2. Unagi sushi - fatty freshwater eel, grilled in a teriyaki sauce until crisp and melting, on sushi rice. The best I've ever had was, ludicrously enough, 10,000 feet up in the Sierra Nevada at Samurai Restaurant in South Lake Tahoe. (I'll be back in February; watch out for a review. Their oyster shooters, in a little shot glass with a raw quail egg, a little rice vinegar and some spring onion, are fresh and magnificent. They will also deep-fry the head of the delicate, sweet raw prawn that's nestling on your sushi rice until the whole thing, eyes, antennae and all, is crispy and delicious. The likelihood is that the other people at your table will be too squeamish to eat theirs; this is all to your advantage. Dig in.)

3. Sauteed potatoes. Sauteed potatoes made by me, that is. They've got to be a floury King Edward, chopped into pieces the size of the top of your thumb, parboiled, then sauteed in very hot goose or duck fat. Once golden and crisp all over, stir in grated garlic and salt and keep stirring gently for two minutes until the garlic is cooked and aromatic, then throw in a handful of chopped herbs and eat immediately. Here are some nestling up with some boeuf en daube.

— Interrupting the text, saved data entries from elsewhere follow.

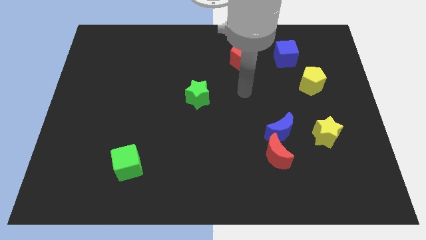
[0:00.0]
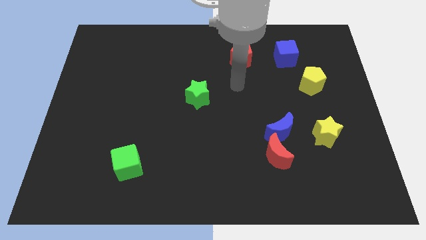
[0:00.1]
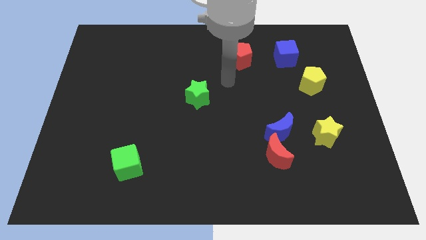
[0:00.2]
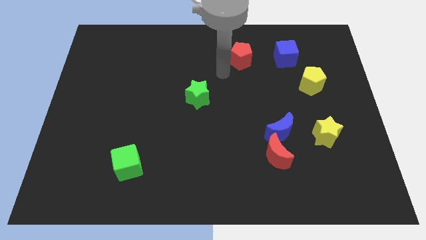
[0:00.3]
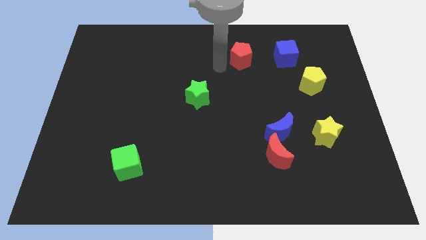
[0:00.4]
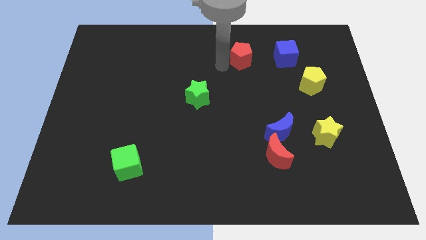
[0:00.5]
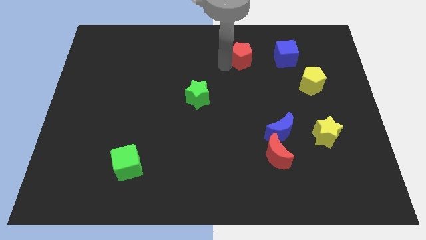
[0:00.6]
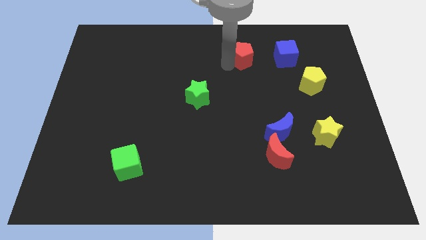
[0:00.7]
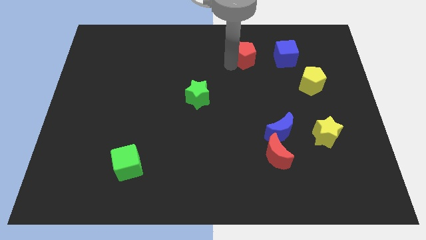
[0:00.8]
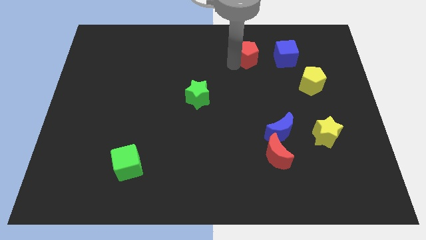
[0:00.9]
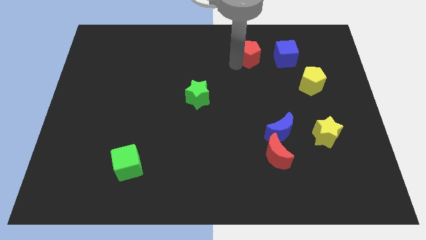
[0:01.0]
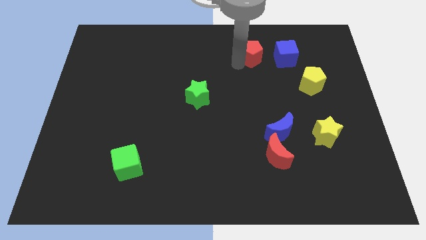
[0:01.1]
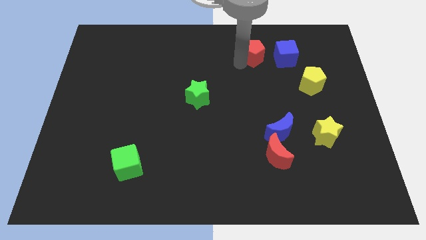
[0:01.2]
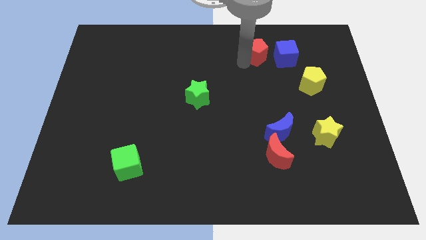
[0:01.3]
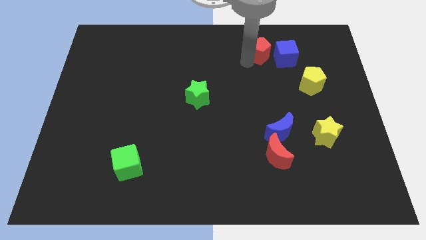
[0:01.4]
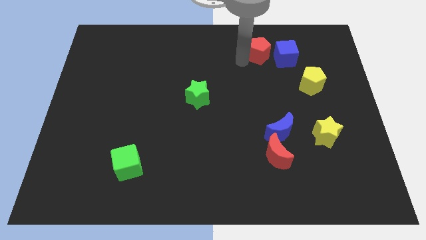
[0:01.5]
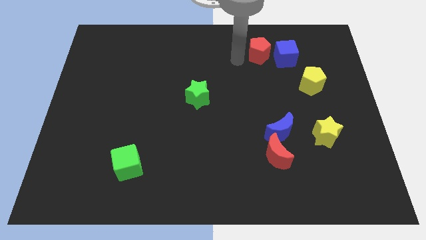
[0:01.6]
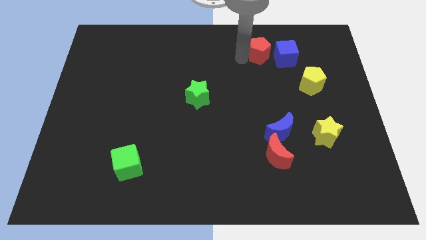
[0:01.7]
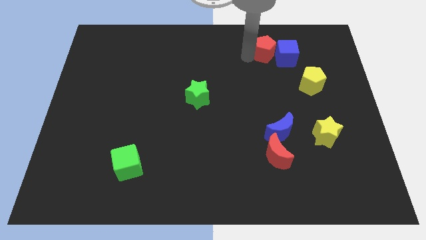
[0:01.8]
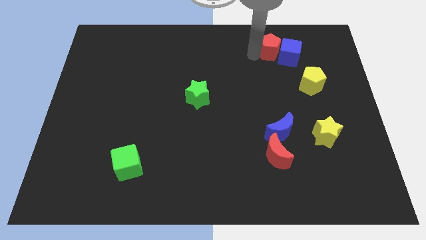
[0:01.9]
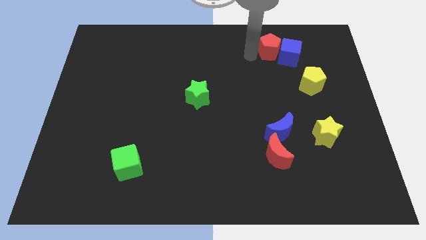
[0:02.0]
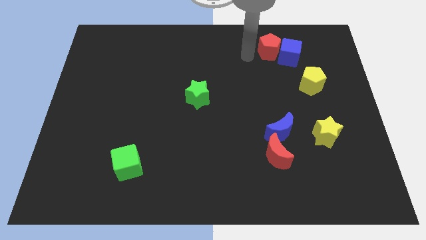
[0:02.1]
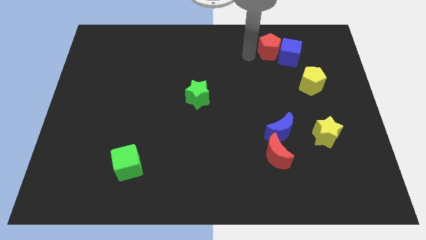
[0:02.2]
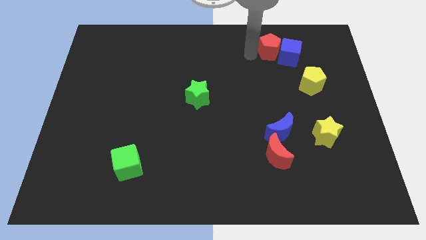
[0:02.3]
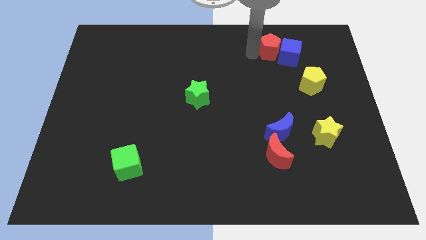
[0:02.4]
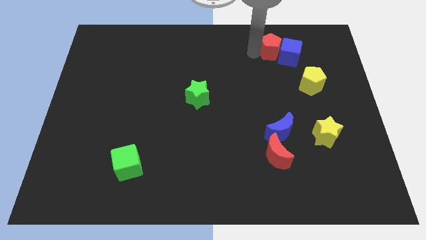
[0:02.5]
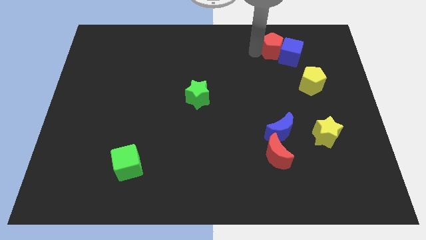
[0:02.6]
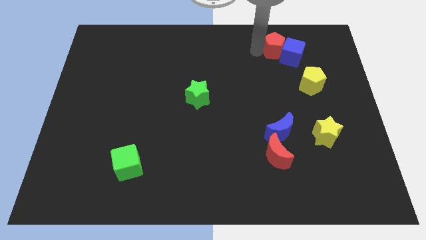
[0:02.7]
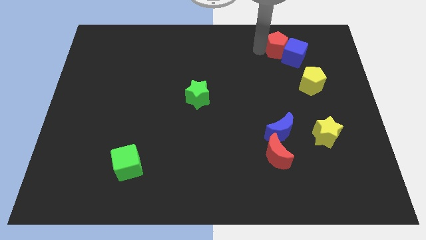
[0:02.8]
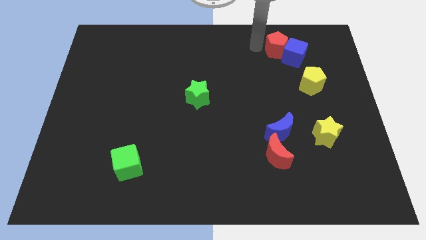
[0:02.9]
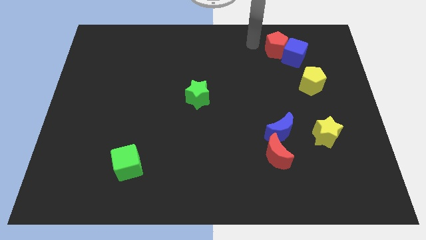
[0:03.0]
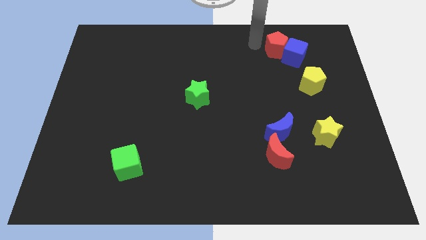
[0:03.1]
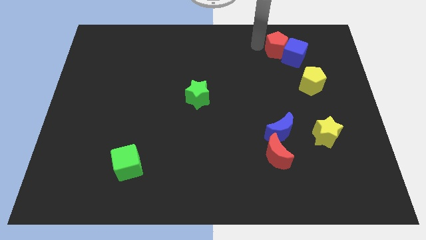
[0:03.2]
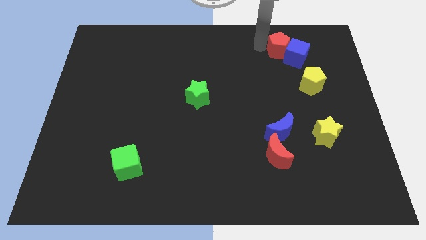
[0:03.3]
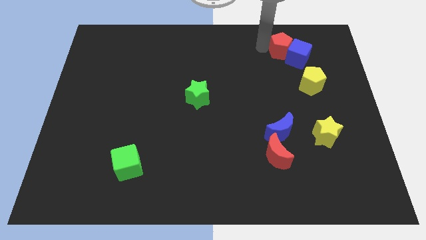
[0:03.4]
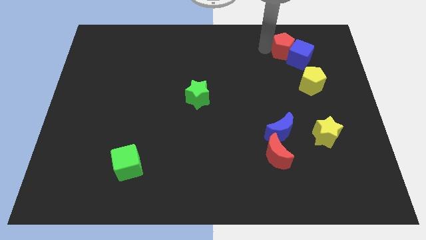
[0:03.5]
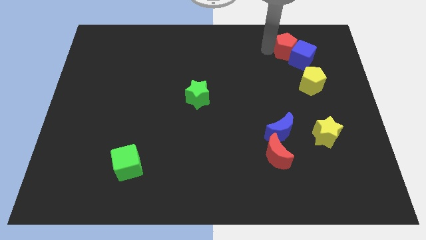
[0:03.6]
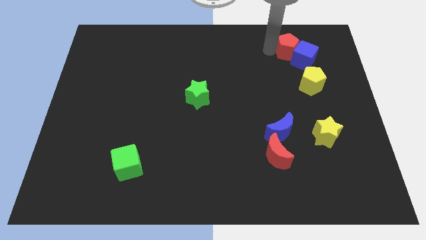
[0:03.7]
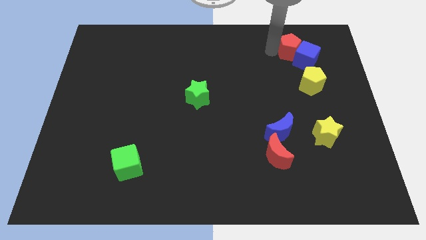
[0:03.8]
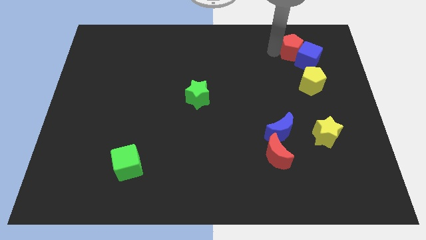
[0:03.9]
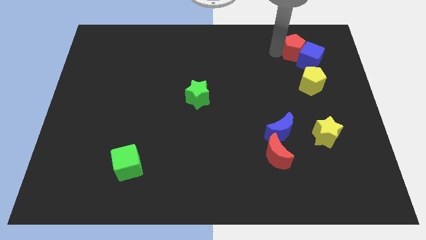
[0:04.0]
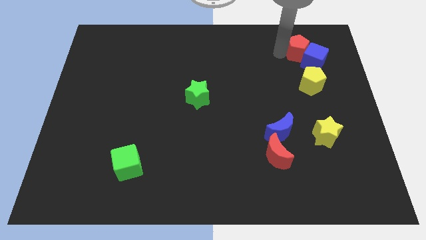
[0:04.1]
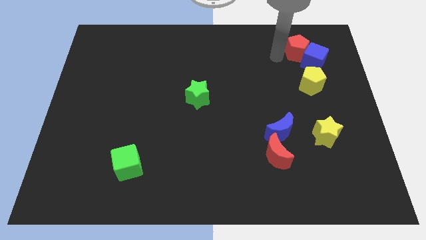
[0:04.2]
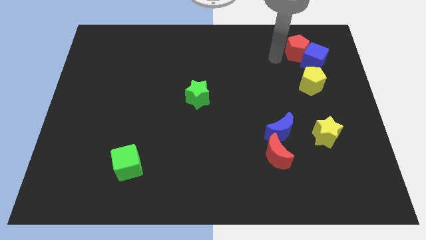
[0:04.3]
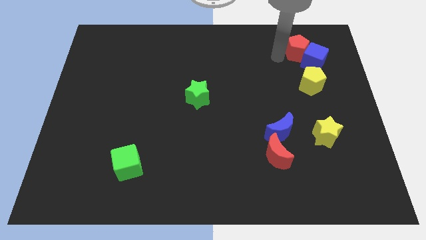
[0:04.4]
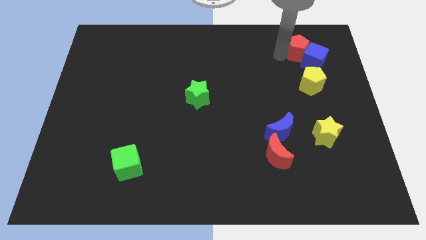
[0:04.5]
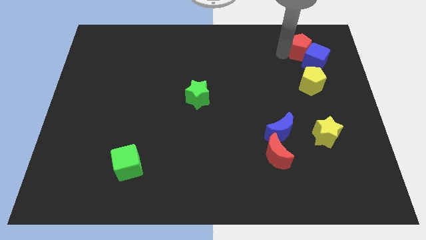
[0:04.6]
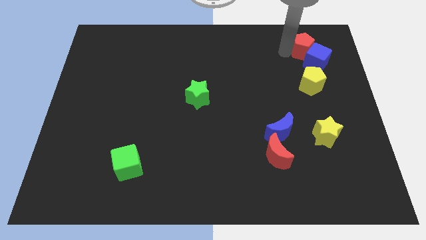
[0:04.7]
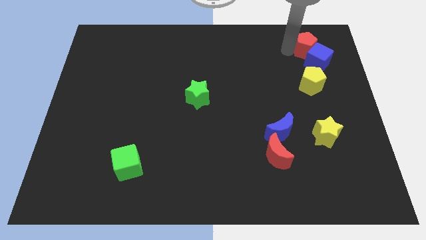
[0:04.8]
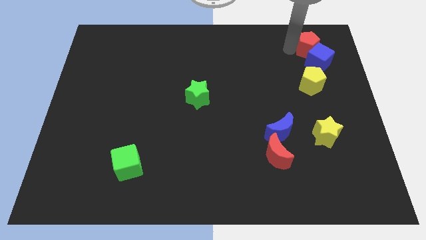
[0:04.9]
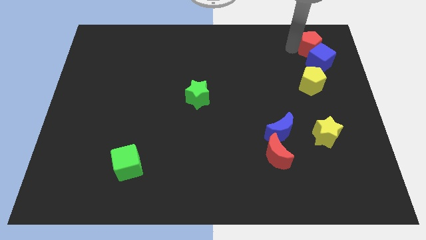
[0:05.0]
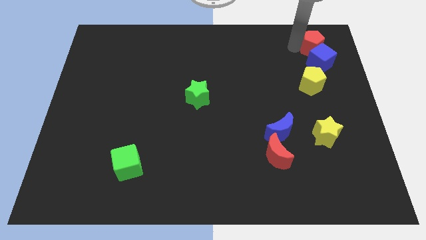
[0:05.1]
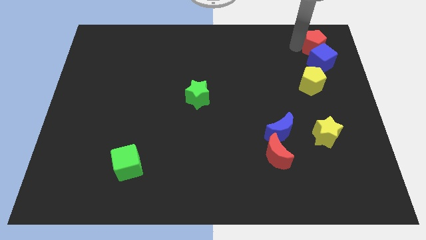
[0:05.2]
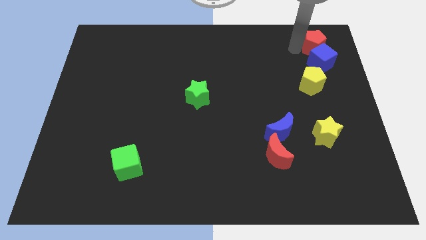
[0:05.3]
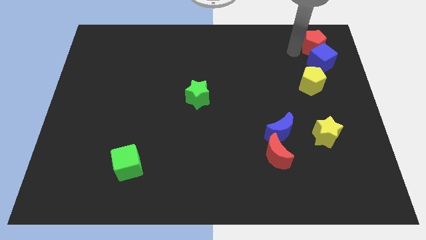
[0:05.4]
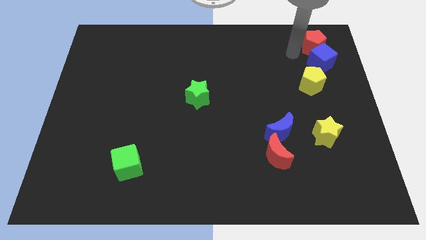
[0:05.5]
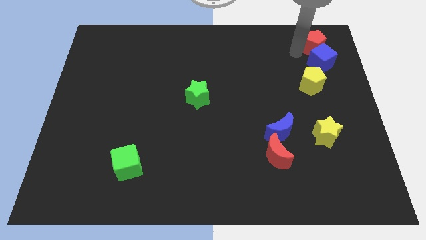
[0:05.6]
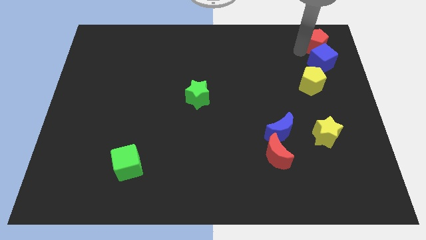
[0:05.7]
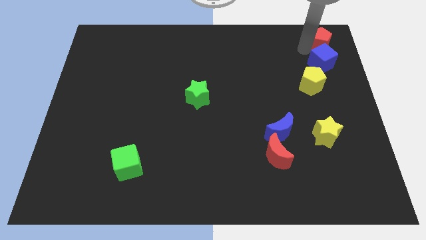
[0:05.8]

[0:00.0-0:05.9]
push the red pentagon to the upper right corner

Try not to dribble.


4. Oysters. Sweet, sweet little oysters, tasting of the sea and sucked straight from their shells. I discovered this year that when adding your squirt of lemon, your oyster will be further enhanced by the addition of a little wasabi, which somehow underlines the oyster's natural sweetness.

5. Roast garlic, popped out of its skin and daubed on a crusty, warm bread.

6. Brioche, spread with a sweet butter and a tiny drizzle of strawberry jam. The brioche must be a good, plain one, full of rich egg yolks and without any vanilla flavouring.